» **Exercise description**
Where does the string "http" occur in the entries below? Copy every line where it does.

» **Supplied data**
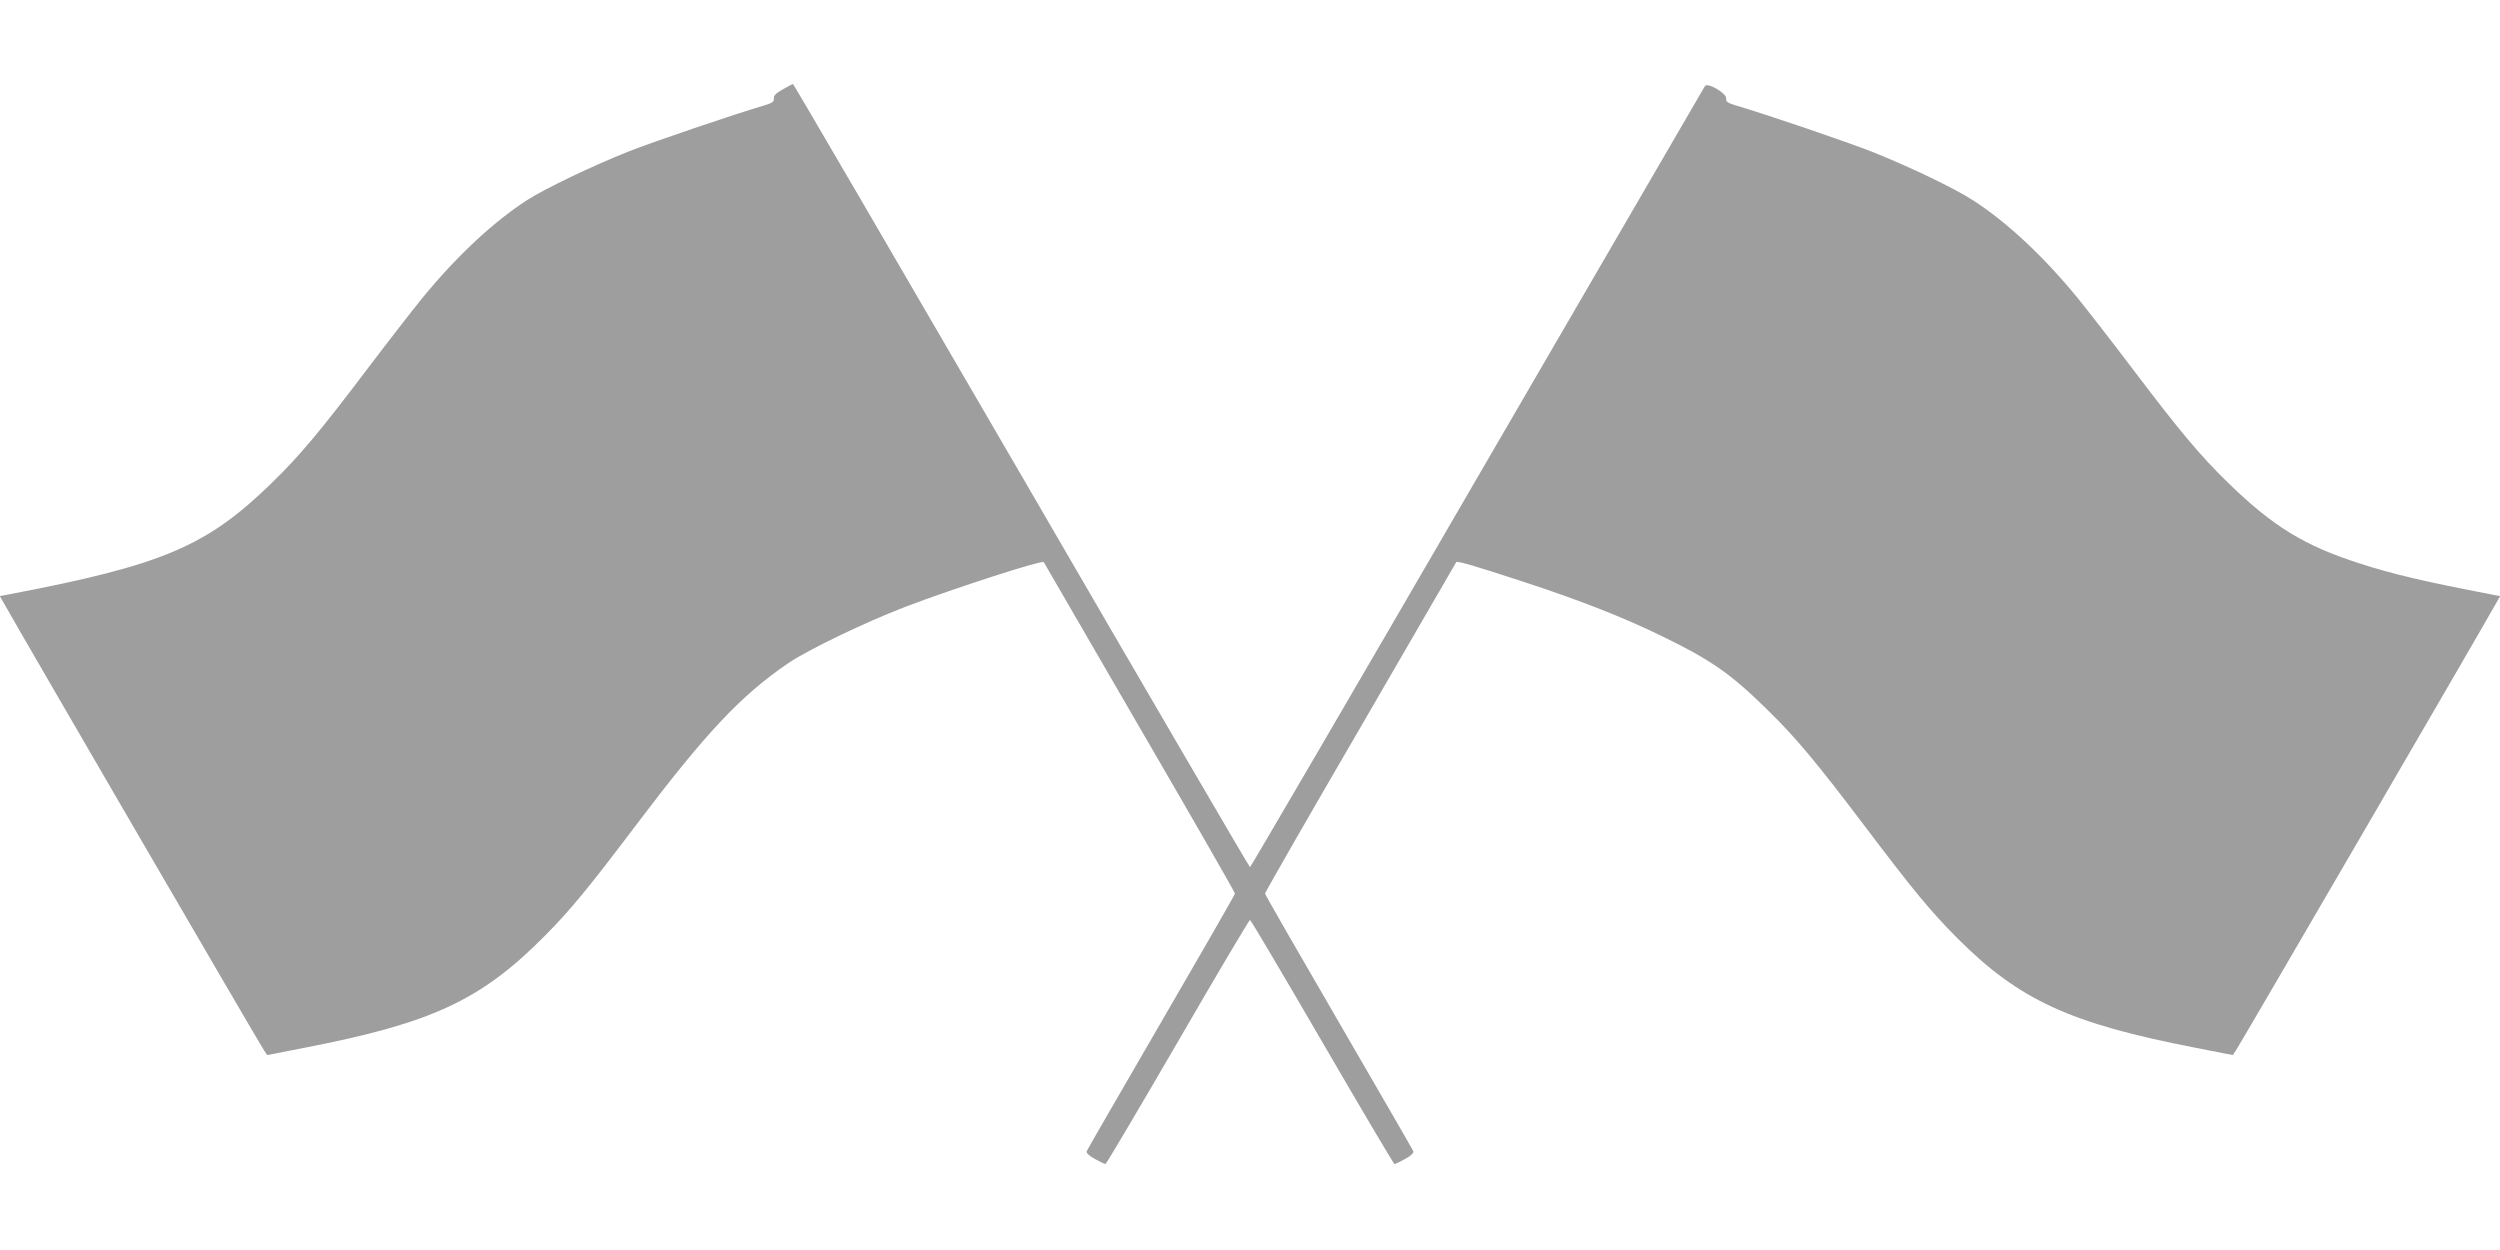 <?xml version="1.0" standalone="no"?>
<!DOCTYPE svg PUBLIC "-//W3C//DTD SVG 20010904//EN"
 "http://www.w3.org/TR/2001/REC-SVG-20010904/DTD/svg10.dtd">
<svg version="1.0" xmlns="http://www.w3.org/2000/svg"
 width="1280pt" height="640pt" viewBox="0 0 1280 640"
 preserveAspectRatio="xMidYMid meet">
<g transform="translate(0,640) scale(0.1,-0.1)"
fill="#9e9e9e" stroke="none">
<path d="M4007 5942 c-34 -19 -47 -32 -45 -46 2 -16 -7 -23 -47 -35 -159 -47
-571 -187 -695 -236 -184 -73 -427 -189 -522 -250 -172 -111 -362 -288 -539
-505 -47 -58 -173 -220 -279 -360 -241 -319 -347 -445 -491 -585 -332 -323
-557 -418 -1337 -567 l-53 -10 35 -61 c73 -131 1302 -2244 1318 -2265 l16 -24
189 37 c656 127 906 244 1233 574 129 130 221 241 470 571 354 468 533 659
775 824 99 68 399 212 600 289 258 98 702 241 709 229 2 -4 223 -385 491 -847
269 -462 488 -844 488 -850 0 -5 -170 -301 -377 -657 -207 -357 -379 -654
-382 -662 -3 -9 11 -23 42 -40 25 -14 50 -26 54 -26 4 0 170 281 370 625 199
344 366 625 370 625 4 0 170 -281 370 -625 200 -344 366 -625 370 -625 4 0 29
12 54 26 31 17 45 31 42 40 -3 8 -175 305 -382 662 -207 356 -377 652 -377
657 0 6 219 388 488 850 268 462 489 843 491 847 5 7 89 -17 354 -104 280 -92
506 -180 705 -278 248 -121 346 -189 536 -376 138 -134 252 -270 489 -584 260
-344 343 -444 484 -586 316 -315 574 -434 1219 -559 l189 -37 16 24 c16 22
1246 2136 1318 2265 l35 61 -53 10 c-337 65 -497 102 -672 159 -279 90 -438
188 -665 408 -144 140 -250 266 -491 585 -106 140 -232 302 -279 360 -177 217
-367 394 -540 505 -96 62 -317 168 -511 246 -132 52 -536 190 -705 240 -40 12
-49 19 -47 35 3 26 -96 84 -109 63 -5 -8 -529 -911 -1166 -2006 -636 -1096
-1160 -1993 -1163 -1993 -3 0 -530 902 -1170 2005 -641 1103 -1167 2005 -1170
2005 -3 0 -26 -13 -53 -28z"/>
</g>
</svg>

» **Answer space**
 "http://www.w3.org/TR/2001/REC-SVG-20010904/DTD/svg10.dtd">
<svg version="1.0" xmlns="http://www.w3.org/2000/svg"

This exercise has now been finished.